Customising TEI, ODD, Roma

1. Introduction

Throughout its history, TEI has grown into a complex and encompassing system, allowing you to express your view on a text in a very flexible way, ranging from rather general statements on the textual structure to highly specific analyses of all kinds of textual phenomena. Currently, the TEI defines no less than 505 different elements and it is hard to imagine a document that would need them all. On the other hand, it is much easier to imagine a document that would need just that element that isn't present in the current set of elements defined by TEI.
The TEI community anticipated such concerns and explicitly designed TEI P5 as
  • a highly modular system, allowing users to cherry-pick the parts they need
  • an extensible system, allowing users to add new elements and attributes or modify existing ones
Put differently, TEI very much resembles a library of text concepts where you can walk in, stroll through shelves filled with TEI element and attribute definitions, and choose exactly those that suit your document analysis. When you check out at the counter, they will all be collected and put in a nice bag, reading 'schema for [your name]'s documents'. What's more, even if you have brought your own elements and attributes, they will be included in the same schema! You take your receipt, labelled 'blueprint for [your name]'s TEI schema', walk home and happily start encoding your texts with your TEI schema. In the TEI world, this library visit is called 'customising TEI'. As it is a visit you will have to repeat often, this tutorial will guide you through the most relevant steps of customising TEI schemas.
A couple of elements in above analogy will be the focus of this tutorial, so allow us to elaborate them a bit more:
  • In this tutorial, the general term TEI schema will be used for any formal representation of the elements and attributes you expect in a document. TEI schemas can be expressed as Relax NG schemas, W3C Schemas, or DTDs (don't worry, you ordered for one of these at check-out). In general, you don't have to work on these schemas themselves; they are rather meant as auxiliary files for your XML editing / processing software to validate your document(s) and make sure they conform to the rules.
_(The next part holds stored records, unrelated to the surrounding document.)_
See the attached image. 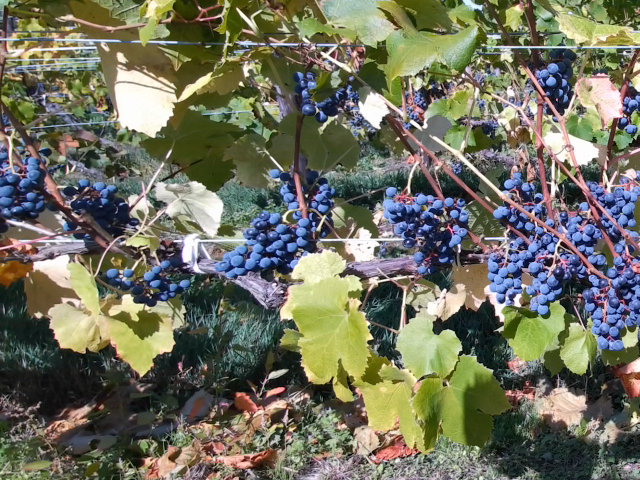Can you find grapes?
<instances>
[{
  "mask_svg": "<svg viewBox=\"0 0 640 480\" xmlns=\"http://www.w3.org/2000/svg\"><path fill=\"white\" fill-rule=\"evenodd\" d=\"M524 174L522 172H513L511 174V178H507L503 183V193L507 195L508 198L512 199L513 194L509 190H513L514 188L520 190V198L525 202L533 203H525L523 206L527 207L530 212H534V216L537 218H541L543 214L547 212V208L543 204V193L537 192L534 195L533 193L536 190V184L534 182H523Z\"/></svg>",
  "mask_w": 640,
  "mask_h": 480,
  "instance_id": "obj_12",
  "label": "grapes"
},
{
  "mask_svg": "<svg viewBox=\"0 0 640 480\" xmlns=\"http://www.w3.org/2000/svg\"><path fill=\"white\" fill-rule=\"evenodd\" d=\"M543 109L545 110V114L552 116V120L555 124H558L559 121L557 120V118L555 117V115H553L552 110L546 105V103L543 104Z\"/></svg>",
  "mask_w": 640,
  "mask_h": 480,
  "instance_id": "obj_19",
  "label": "grapes"
},
{
  "mask_svg": "<svg viewBox=\"0 0 640 480\" xmlns=\"http://www.w3.org/2000/svg\"><path fill=\"white\" fill-rule=\"evenodd\" d=\"M617 129L619 131L625 130L627 134L634 135L638 131V127L635 124H628V118L623 117L619 119L617 124Z\"/></svg>",
  "mask_w": 640,
  "mask_h": 480,
  "instance_id": "obj_17",
  "label": "grapes"
},
{
  "mask_svg": "<svg viewBox=\"0 0 640 480\" xmlns=\"http://www.w3.org/2000/svg\"><path fill=\"white\" fill-rule=\"evenodd\" d=\"M599 217L601 221L600 226L603 228L604 232H606L607 235L610 236V239L615 244L614 247L616 252L618 254L628 253L629 255H632L635 252V249L632 246V244L629 243L626 249L625 240L620 236L619 232L606 220L605 216L602 213L599 214Z\"/></svg>",
  "mask_w": 640,
  "mask_h": 480,
  "instance_id": "obj_14",
  "label": "grapes"
},
{
  "mask_svg": "<svg viewBox=\"0 0 640 480\" xmlns=\"http://www.w3.org/2000/svg\"><path fill=\"white\" fill-rule=\"evenodd\" d=\"M397 194L396 187H388L385 189L386 198L382 202L385 209L383 218L388 223L395 225L393 228L394 235H402V247L412 249L416 244V237L425 239L424 249L421 252L414 253L412 259L415 263H422L428 255V251L436 247V242H441L437 246V256L430 259L431 263H454L453 248L457 244H461L463 237L467 236V227H460L459 224H466L469 221V213L462 209L466 206L464 198H458L455 201L453 196L446 197L443 201L435 199L433 195H425L424 193H415L410 205H404L395 202L394 198ZM448 212L451 219H457L458 224L452 226L451 233L448 229L443 232H434V228L440 226V220L434 218L443 216V208H453Z\"/></svg>",
  "mask_w": 640,
  "mask_h": 480,
  "instance_id": "obj_3",
  "label": "grapes"
},
{
  "mask_svg": "<svg viewBox=\"0 0 640 480\" xmlns=\"http://www.w3.org/2000/svg\"><path fill=\"white\" fill-rule=\"evenodd\" d=\"M270 179H279L281 182H289V184L282 185L278 190V196L283 197V203L285 209L299 208V202L296 200V193L293 191L295 187V181L291 177L288 171L281 173L278 169H271L269 171Z\"/></svg>",
  "mask_w": 640,
  "mask_h": 480,
  "instance_id": "obj_13",
  "label": "grapes"
},
{
  "mask_svg": "<svg viewBox=\"0 0 640 480\" xmlns=\"http://www.w3.org/2000/svg\"><path fill=\"white\" fill-rule=\"evenodd\" d=\"M78 188L66 186L62 190L64 196H73L77 192L82 193L85 188L99 192L97 198L90 201L88 198L75 199L70 208L80 215L82 211H87L91 217L96 220L100 227L113 238H117L123 234L120 225L137 226L139 220L137 218H129L130 206L126 203V199L115 194L119 191L116 184L106 185L104 182L91 183L87 178L80 177L76 181Z\"/></svg>",
  "mask_w": 640,
  "mask_h": 480,
  "instance_id": "obj_6",
  "label": "grapes"
},
{
  "mask_svg": "<svg viewBox=\"0 0 640 480\" xmlns=\"http://www.w3.org/2000/svg\"><path fill=\"white\" fill-rule=\"evenodd\" d=\"M315 78L316 74L313 72L294 71L293 82L298 83L294 87V93L301 95L300 112L306 116H315V121L318 124H324L328 118L338 115L336 106L339 105L340 100L346 97V88L341 87L332 98L328 97L321 102L312 103L308 89H314L317 86Z\"/></svg>",
  "mask_w": 640,
  "mask_h": 480,
  "instance_id": "obj_11",
  "label": "grapes"
},
{
  "mask_svg": "<svg viewBox=\"0 0 640 480\" xmlns=\"http://www.w3.org/2000/svg\"><path fill=\"white\" fill-rule=\"evenodd\" d=\"M299 164H298V172L305 179L307 184H302L301 189L303 193H306L309 189V186L314 184L313 180H316L319 177V174L314 170H306L307 160L303 155L299 156Z\"/></svg>",
  "mask_w": 640,
  "mask_h": 480,
  "instance_id": "obj_16",
  "label": "grapes"
},
{
  "mask_svg": "<svg viewBox=\"0 0 640 480\" xmlns=\"http://www.w3.org/2000/svg\"><path fill=\"white\" fill-rule=\"evenodd\" d=\"M586 186L589 187L593 198L602 205L610 214V216L622 227L624 232L635 241L640 238V233L636 230H629L628 227L636 226V218L634 211L636 203L640 196V187L633 186L630 190L625 191L623 186H615L611 192H606L594 180H587Z\"/></svg>",
  "mask_w": 640,
  "mask_h": 480,
  "instance_id": "obj_9",
  "label": "grapes"
},
{
  "mask_svg": "<svg viewBox=\"0 0 640 480\" xmlns=\"http://www.w3.org/2000/svg\"><path fill=\"white\" fill-rule=\"evenodd\" d=\"M314 188V199L309 208L326 214L334 206L333 195L336 190L328 184L326 177H320ZM314 211L303 219L301 211L291 212L290 219L296 221L297 228H291L281 223L280 213L261 211L251 220L252 228L242 231L246 245H237L231 252L223 254V260L217 261L215 268L224 271L228 278L246 276L248 271L267 270L268 268L285 267L293 270L299 258L295 251L303 248L302 257L314 250V243L310 241V232L318 228L321 217Z\"/></svg>",
  "mask_w": 640,
  "mask_h": 480,
  "instance_id": "obj_2",
  "label": "grapes"
},
{
  "mask_svg": "<svg viewBox=\"0 0 640 480\" xmlns=\"http://www.w3.org/2000/svg\"><path fill=\"white\" fill-rule=\"evenodd\" d=\"M182 263V255L177 253L175 256L171 255L167 260L153 267L151 271L144 272L142 274V280L147 283L149 289H157L149 296H140L144 292V288L141 285H136L130 279L122 280L120 277V271L115 267H110L104 272V277L109 280L108 284L111 287H118L122 291L131 289V294L134 296L132 302L134 304H146L148 307H155L157 301L166 302L169 297L174 298L176 291L179 289H188L191 286V282L188 279H180L178 283L168 284L170 278L168 276L162 277L160 273L162 269L169 268L170 266H177Z\"/></svg>",
  "mask_w": 640,
  "mask_h": 480,
  "instance_id": "obj_7",
  "label": "grapes"
},
{
  "mask_svg": "<svg viewBox=\"0 0 640 480\" xmlns=\"http://www.w3.org/2000/svg\"><path fill=\"white\" fill-rule=\"evenodd\" d=\"M630 97L622 99L623 114L631 116L632 113L640 112V92H637L633 86L629 87Z\"/></svg>",
  "mask_w": 640,
  "mask_h": 480,
  "instance_id": "obj_15",
  "label": "grapes"
},
{
  "mask_svg": "<svg viewBox=\"0 0 640 480\" xmlns=\"http://www.w3.org/2000/svg\"><path fill=\"white\" fill-rule=\"evenodd\" d=\"M612 264L606 270L612 288L607 291L606 322L602 319L604 296L599 292L608 286V280L590 274L588 283L591 286L582 291V301L593 320L591 333L598 335L597 347L621 351L623 341L619 339V330L640 326V274L635 273L632 265L625 263L622 257H613Z\"/></svg>",
  "mask_w": 640,
  "mask_h": 480,
  "instance_id": "obj_4",
  "label": "grapes"
},
{
  "mask_svg": "<svg viewBox=\"0 0 640 480\" xmlns=\"http://www.w3.org/2000/svg\"><path fill=\"white\" fill-rule=\"evenodd\" d=\"M550 59H560L556 63H549L546 68L535 70V77L551 103L558 109L561 116L565 114L573 98L572 84L568 81L573 77L572 69L575 53L571 50L549 52Z\"/></svg>",
  "mask_w": 640,
  "mask_h": 480,
  "instance_id": "obj_8",
  "label": "grapes"
},
{
  "mask_svg": "<svg viewBox=\"0 0 640 480\" xmlns=\"http://www.w3.org/2000/svg\"><path fill=\"white\" fill-rule=\"evenodd\" d=\"M559 223L556 226V231L560 234L566 233V240L571 242L572 246L577 248L580 253H583L588 261L593 266H603L606 263V256L603 253H595V246L597 240H602V229L596 224L593 219H588L582 226V231L577 225H582L585 222L583 215L568 216L566 211L559 213Z\"/></svg>",
  "mask_w": 640,
  "mask_h": 480,
  "instance_id": "obj_10",
  "label": "grapes"
},
{
  "mask_svg": "<svg viewBox=\"0 0 640 480\" xmlns=\"http://www.w3.org/2000/svg\"><path fill=\"white\" fill-rule=\"evenodd\" d=\"M332 217H333V213L332 212H329L327 214V216L325 217V220L328 221L329 226L327 225L326 222L322 223V229H321V232L319 233V236L321 238H325V237L328 236V234L332 233V229L330 227H334L335 226V223H334Z\"/></svg>",
  "mask_w": 640,
  "mask_h": 480,
  "instance_id": "obj_18",
  "label": "grapes"
},
{
  "mask_svg": "<svg viewBox=\"0 0 640 480\" xmlns=\"http://www.w3.org/2000/svg\"><path fill=\"white\" fill-rule=\"evenodd\" d=\"M41 158L23 157L21 162L26 166L23 178L18 172L20 168L15 164L13 170L9 167L8 150L0 142V169L5 170L0 175V214L7 221H18L28 217L36 220L46 209L57 212V205L46 203L45 197L51 199L52 193L45 188L43 178L46 171L39 168V163H46V159L53 154V150L47 146L39 149Z\"/></svg>",
  "mask_w": 640,
  "mask_h": 480,
  "instance_id": "obj_5",
  "label": "grapes"
},
{
  "mask_svg": "<svg viewBox=\"0 0 640 480\" xmlns=\"http://www.w3.org/2000/svg\"><path fill=\"white\" fill-rule=\"evenodd\" d=\"M493 217L501 220L507 217V222L513 224L515 229H525L532 232L528 239L530 244H525L512 232L508 234L509 247L512 249L506 257L500 253H492L488 256L487 279L490 281L489 290L496 293L498 304L513 305L517 294L523 291V277L521 268H527V273L537 276L525 288L530 299L529 309L537 311L539 315L548 313L547 302H555L563 289V283H569L576 274L578 279L587 276V267L574 254L561 251L559 258L565 263H559L553 268V274L543 268L546 265L544 258L536 259V256H552L558 239L549 232L544 233L542 227H535L524 212L502 203L495 208Z\"/></svg>",
  "mask_w": 640,
  "mask_h": 480,
  "instance_id": "obj_1",
  "label": "grapes"
}]
</instances>
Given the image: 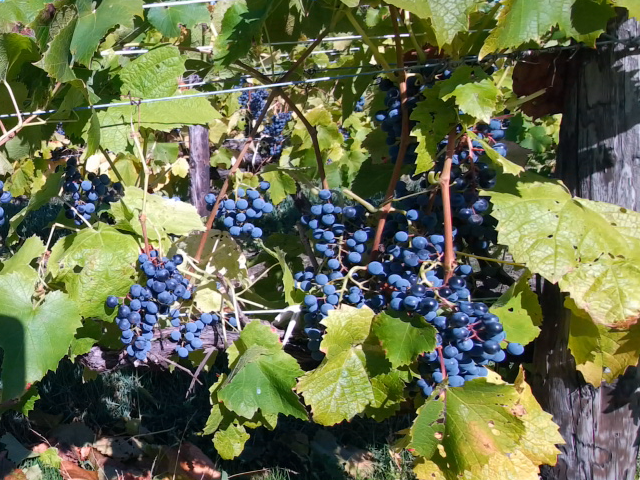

  • Even more important than a schema is the 'blueprint' for your TEI schema. This will allow you to remember the choices made and facilitate you to share your schemas with others. In TEI world, such a 'blueprint' is just another TEI document with specific elements, and is called an ODD (One Document Does it all).
  • It's important to know that, as of TEI P5, there is no 'fixed' monolithic one-size-fits-all TEI schema. Instead, you are supposed to create your own before you can start encoding TEI texts. In this sense, customisation is a built-in prerequisite for using TEI. Testimony to this centrality is the fact that TEI maintains a specific tool for easing this customisation process. It is called 'Roma', and accessible as a user-friendly web form at http://www.tei-c.org/Roma/. Consider it an electronic librarian.
This tutorial won't discuss the different TEI schema formats but instead focus on both the formal ODD way of expressing TEI customisations and the Roma tool. In doing so, it will be the odd one out: at the same time slightly more conceptual than the other ones and more concrete, using and introducing the Roma web tool along the way throughout the examples.